¿Positivismo de izquierda?

 

Mire, yo sé que nos encontramos en un periodo que permite a muchos la mezcolanza desmedida de maneras de ser. Uno, se supone, ya tiene la libertad de ser bueno con unos y malo con otros, es decir, tiene la libertad de donar a cuanta causa desgarradora surge, previamente mediatizada y sazonada con el debido ingrediente dramático telenovelero, pero sin abandonar prácticas individualistas como el consumismo extremo, curiosamente el causante de muchos de los padecimientos que luego vienen a defender las causas “más nobles del mundo”. También a uno le puede gustar la música más alternativa y al mismo tiempo ser un as de la cumbia y la salsa. Dicen que las fronteras de los gustos comienzan a borrarse en aras de saborear todo tipo de mieles de la vida. La liberalización del cuerpo tiene mucho de eso. Ahora está de moda ser bisexual o por lo menos echarse una canita al aire con alguien aunque la propia orientación sexual se presuma distinta a la que se comete bajo el manto protector de la libertad de exploración sensual. Lo más gracioso es que la gente dice descubrir que es bisexual en sentido carnal pero no en sentido psíquico, es decir, sin dejar a un lado sus nociones sociales, roles, de macho y hembra, mujer u hombre.

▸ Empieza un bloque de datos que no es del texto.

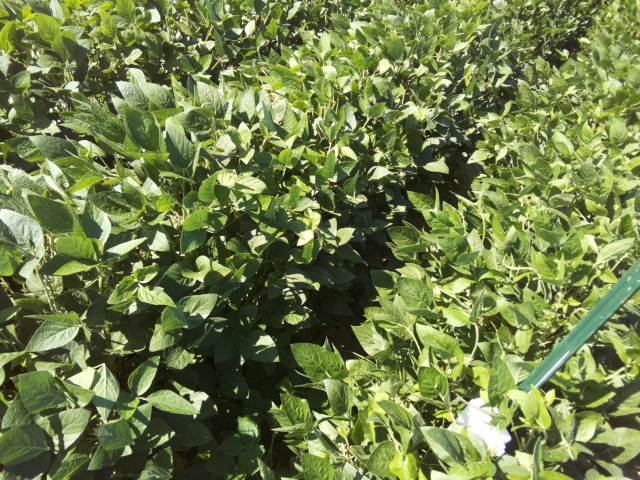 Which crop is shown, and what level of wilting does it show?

soybean, slight leaflet or petiole turgor loss in upper canopy
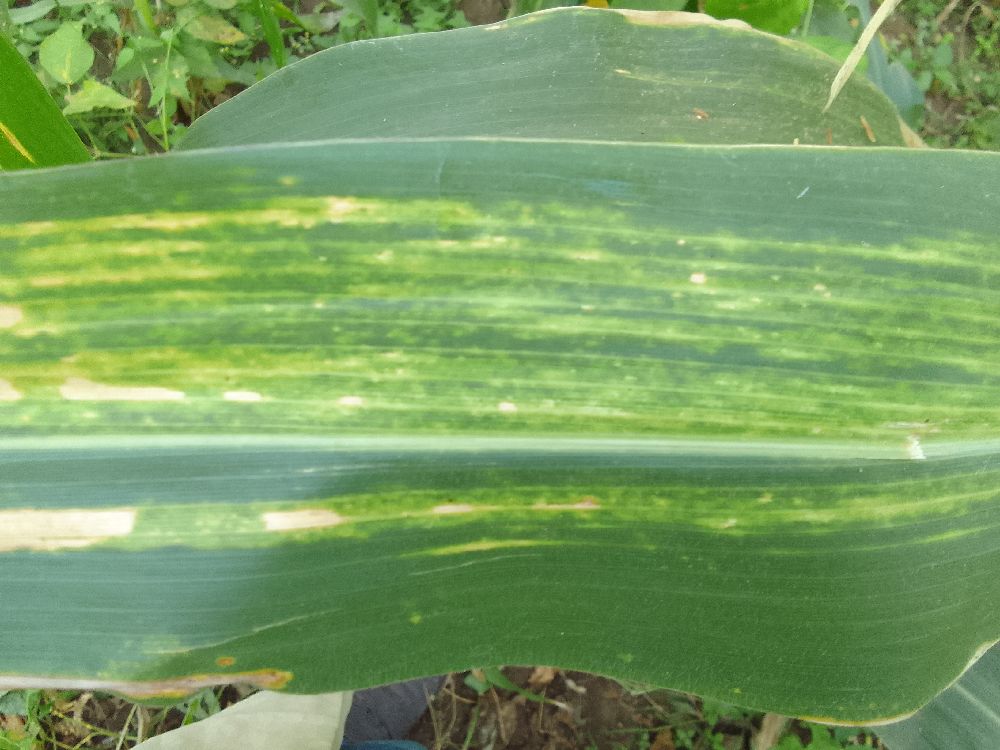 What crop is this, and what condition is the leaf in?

maize, maize lethal necrosis

En realidad, dicen que toda idea sólida, toda forma de ser de una sola pieza debe morir en pos de la libertad, aunque una vez adquirida, no se sepa qué hacer con ella, como muestran las actitudes sociales de los jóvenes, y cada vez más jóvenes, más chamacos pues. En fin, el asunto es que toda solidez se ha perdido para dar paso al estado líquido de la personalidad, y hasta cierto punto esto puede servir para poder convivir o hacer más llevadera esta convivencia en un ambiente relajado, cínico e indiferente.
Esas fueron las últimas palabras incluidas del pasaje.